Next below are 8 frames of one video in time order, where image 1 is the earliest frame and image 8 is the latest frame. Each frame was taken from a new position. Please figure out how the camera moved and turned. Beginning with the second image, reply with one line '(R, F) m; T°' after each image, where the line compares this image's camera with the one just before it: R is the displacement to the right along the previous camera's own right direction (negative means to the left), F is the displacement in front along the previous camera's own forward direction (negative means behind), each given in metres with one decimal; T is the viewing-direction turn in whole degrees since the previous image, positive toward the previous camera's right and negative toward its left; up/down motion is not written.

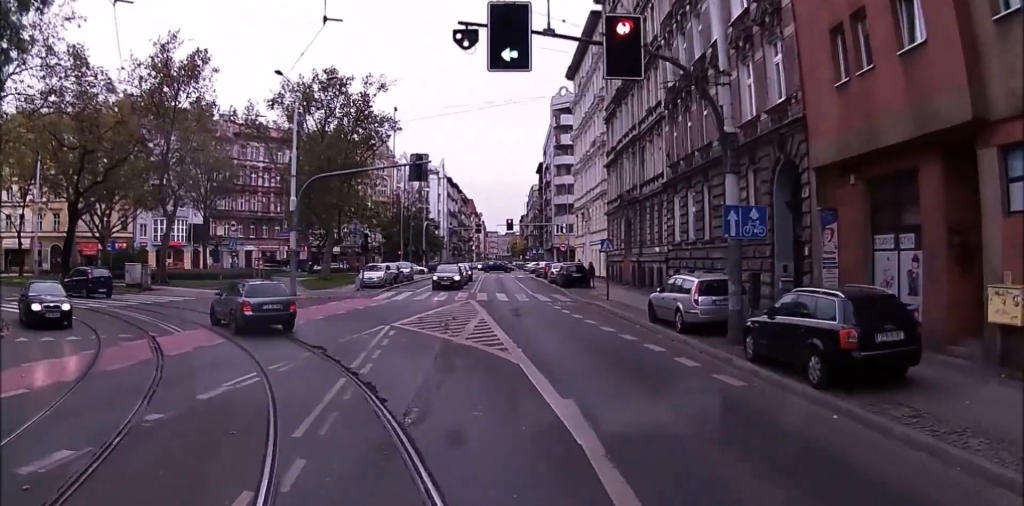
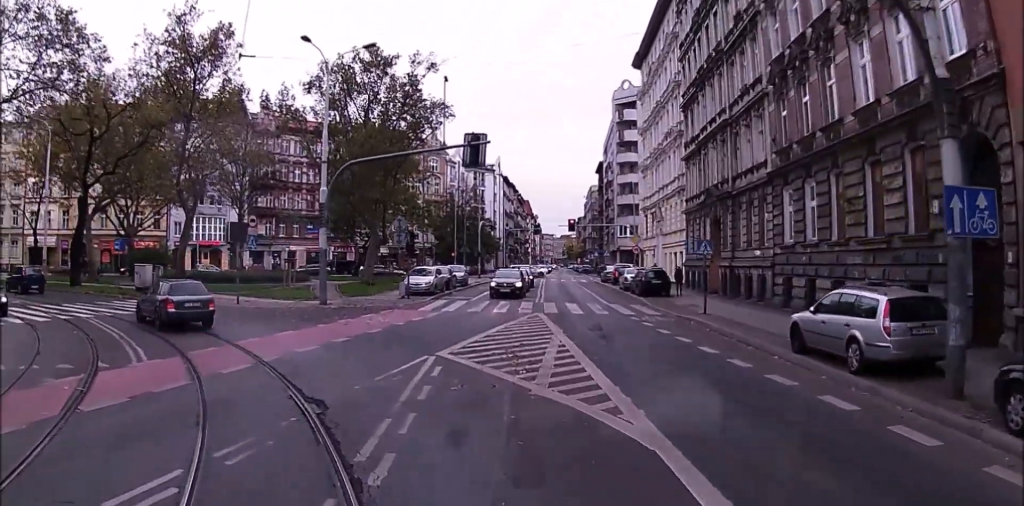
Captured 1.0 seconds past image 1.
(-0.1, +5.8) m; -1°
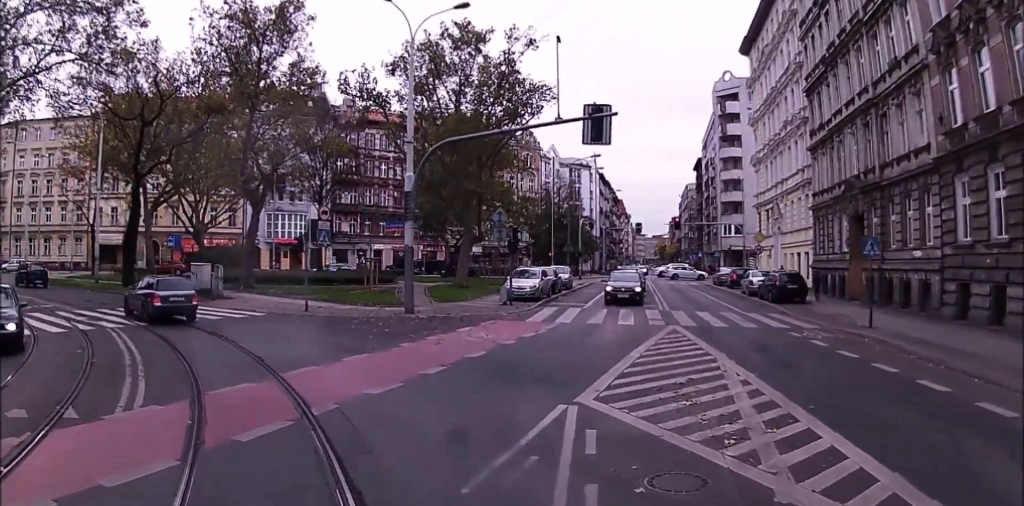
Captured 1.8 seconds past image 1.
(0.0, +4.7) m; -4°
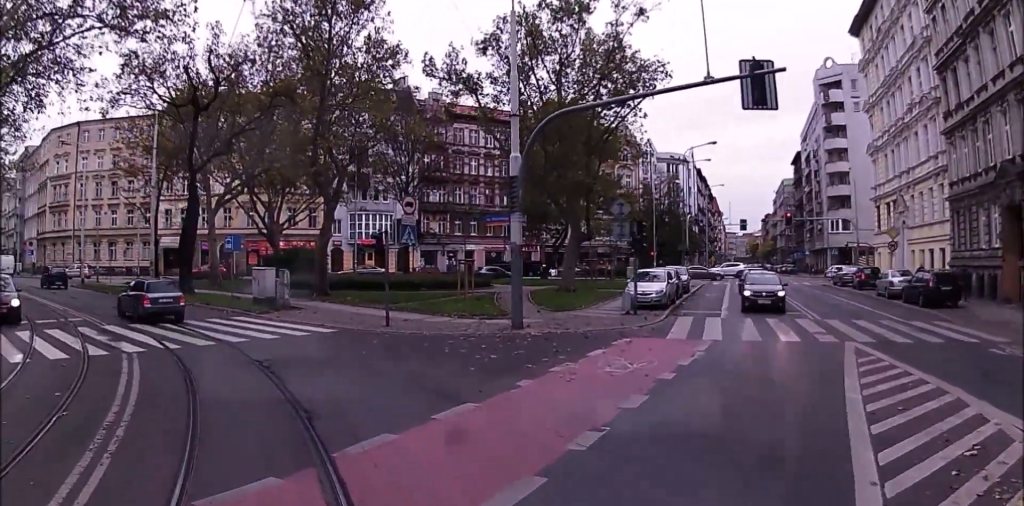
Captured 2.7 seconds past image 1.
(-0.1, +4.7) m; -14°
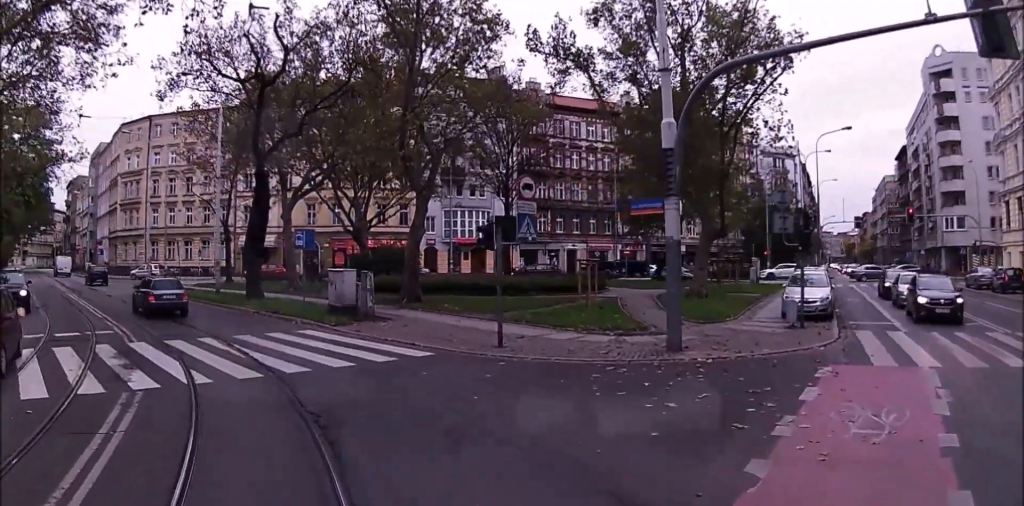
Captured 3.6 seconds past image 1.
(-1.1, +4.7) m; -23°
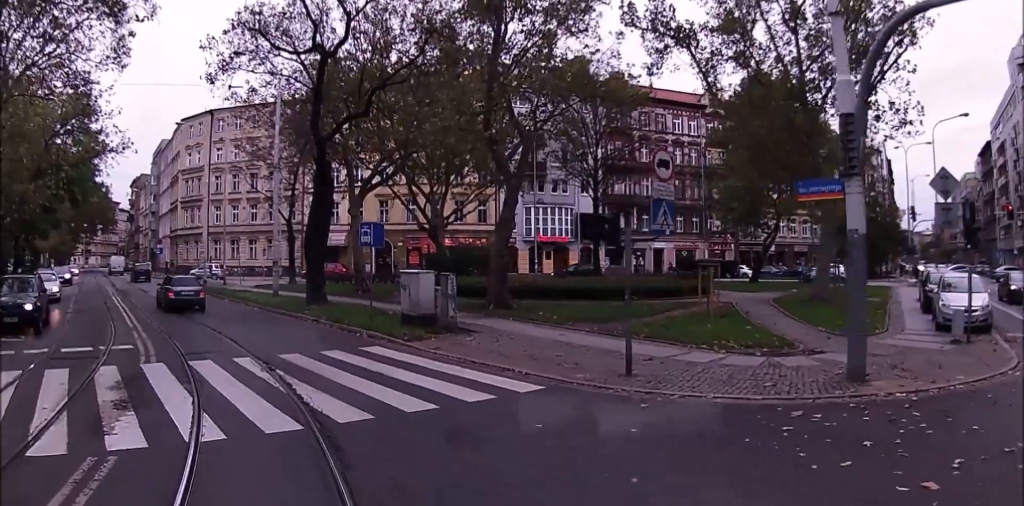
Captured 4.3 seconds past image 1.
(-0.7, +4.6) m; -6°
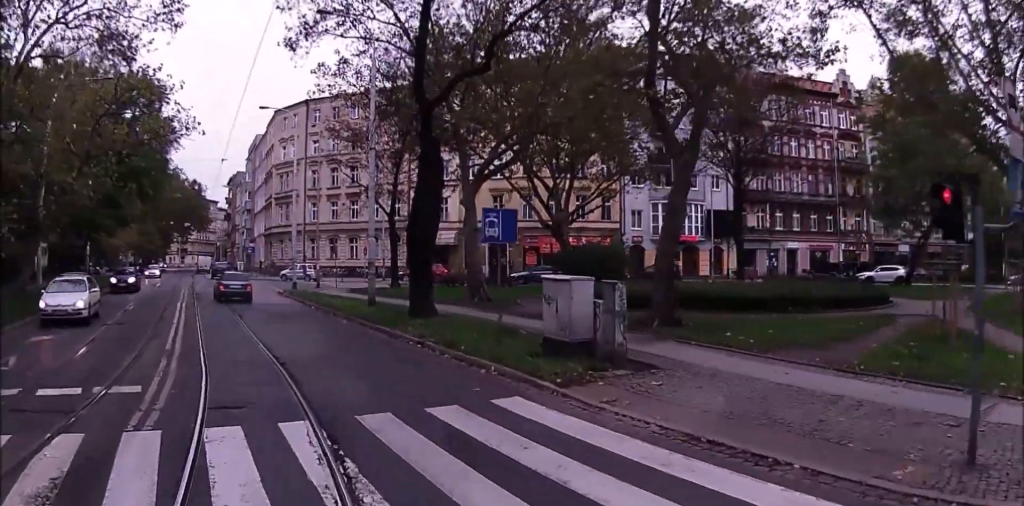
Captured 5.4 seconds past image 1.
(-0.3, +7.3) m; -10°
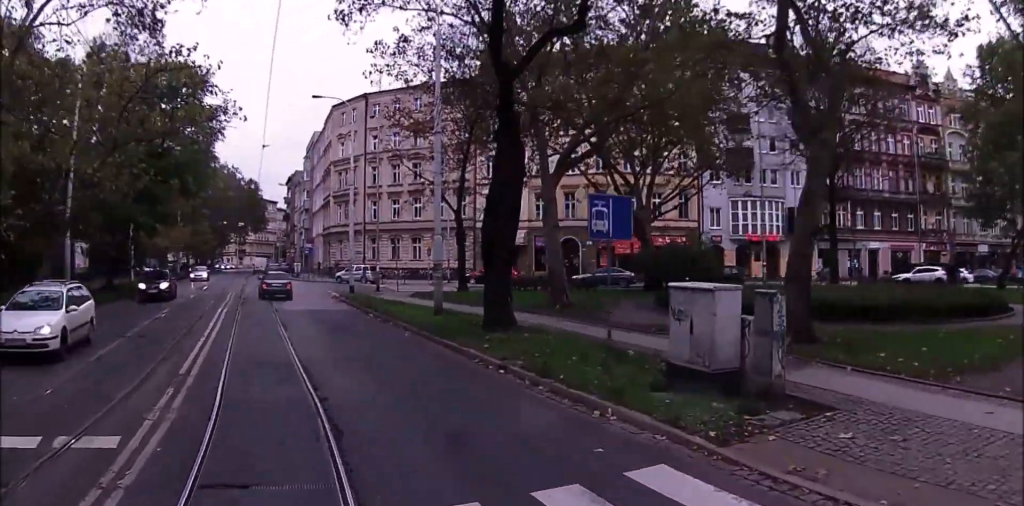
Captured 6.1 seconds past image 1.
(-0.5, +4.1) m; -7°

- Exercise goal -
Please output each line above exactly and omit all images.

- Answer to this exercise -
Next below are 8 frames of one video in time order, where image 1 is the earliest frame and image 8 is the latest frame. Each frame was taken from a new position. Please figure out how the camera moved and turned. Beginning with the second image, reply with one line '(R, F) m; T°' after each image, where the line compares this image's camera with the one just before it: R is the displacement to the right along the previous camera's own right direction (negative means to the left), F is the displacement in front along the previous camera's own forward direction (negative means behind), each given in metres with one decimal; T is the viewing-direction turn in whole degrees since the previous image, positive toward the previous camera's right and negative toward its left; up/down motion is not written.

Captured 1.0 seconds past image 1.
(-0.1, +5.8) m; -1°
Captured 1.8 seconds past image 1.
(0.0, +4.7) m; -4°
Captured 2.7 seconds past image 1.
(-0.1, +4.7) m; -14°
Captured 3.6 seconds past image 1.
(-1.1, +4.7) m; -23°
Captured 4.3 seconds past image 1.
(-0.7, +4.6) m; -6°
Captured 5.4 seconds past image 1.
(-0.3, +7.3) m; -10°
Captured 6.1 seconds past image 1.
(-0.5, +4.1) m; -7°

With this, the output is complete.